E se houver esse descumprimento?

O descumprimento resulta em ação de improbidade administrativa. O cidadão pode recorrer ao Ministério Público Estadual e pedir que entre com uma ação de improbidade administrativa contra o gestor que sonegou a informação pedida.

Nesses processos de pesquisa da CGU também é feito o pedido de abertura de ação de improbidade contra quem não responde?

Não. Nesses casos a gente está fazendo um teste, avaliando como as coisas estão funcionando. Mas uma etapa futura seria justamente essa de partir para a ação.

Tem sido comum já ações de improbidade por conta da Lei de Acesso à Informação?

Tem sim! Aqui em Alagoas já temos ações em municípios por conta da Lei de Acesso à Informação. O Ministério Público de Penedo atuou em um caso de negativa de pedido de um cidadão. E os promotores de Justiça estão atentos ao descumprimento dessa lei.

Em maio a toda essa tormenta, no fim as contas, qual a perspectiva que o senhor tem sobre o futuro da CGU?

Rapaz, a gente tem que sair vencedor, né? A gente espera que não vamos perder posição. Mas precisamos resgatar a nossa marca. É isso o que está em jogo. Nós não podemos perder a nossa marca CGU, que já está consolidada e já é institucionalizada. Essa marca merece prevalecer. É essa a nossa ideia. É de interesse da sociedade ter a CGU para atuar conjuntamente neste combate à corrupção. O cidadão não tem condições de fiscalizar o recurso público. Muitos têm, mas alegam não ser papel deles. Muita gente diz que não tem nada a ver com isso. Mas temos que mudar esse paradigma. Tem que sair dessa inércia do cidadão de só querer ‘venha a nós’. Temos que ‘ir ao Reino’ também para buscar as coisas. Não podemos ficar parados esperando as coisas caírem do céu. Temos que correr atrás. Se minha rua está sem calçamento, tenho que encher o prefeito de requerimentos e ir À imprensa. Hoje a imprensa é importantíssima.
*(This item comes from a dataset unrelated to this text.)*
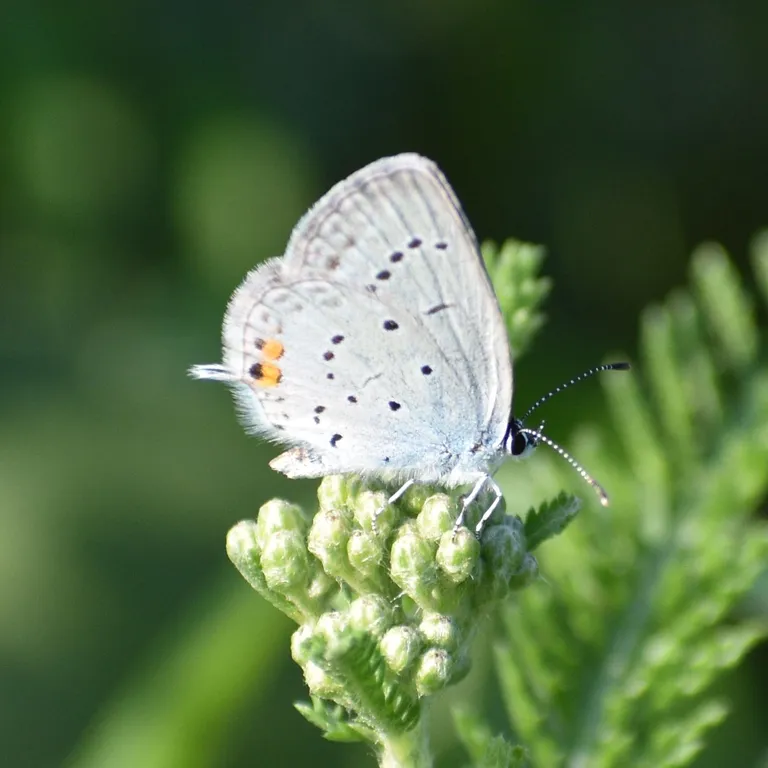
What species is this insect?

Qualquer pessoa da imprensa tem acesso livre à CGU, porque também são os olhos da sociedade. O que é informação que interessa à imprensa, a gente repassa. A imprensa vem fazendo um papel importantíssimo de disseminar esse conhecimento. O cidadão é importantíssimo no controle do gasto público e ainda não abriram os olhos para isso, bem como para os portais da transparência.

Por que o senhor acha que o cidadão ainda não tem esse interesse?
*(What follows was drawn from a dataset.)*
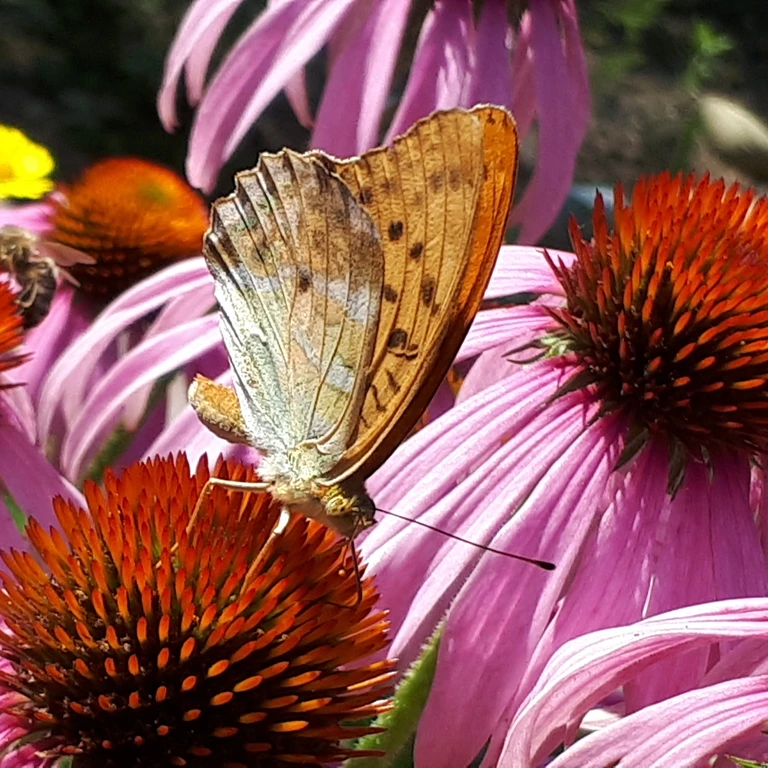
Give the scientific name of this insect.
Argynnis paphia

Falta de cidadania, cara. Isso não é ensinado para a gente na escola, desde lá do primário. Não é ensinado que você é um cidadão de direitos e deveres, que você tem direito à merenda, ao transporte escolar, a uma boa aula, a ter livro didático e a sentar em uma carteira de boa qualidade. Isso não é ensinado desde os bancos escolares. Aí vamos ter cidadãos com muitas deficiências, inclusive em reclamar os seus direitos. Isso tem que mudar. Se não mudar, a gente está ruim, viu?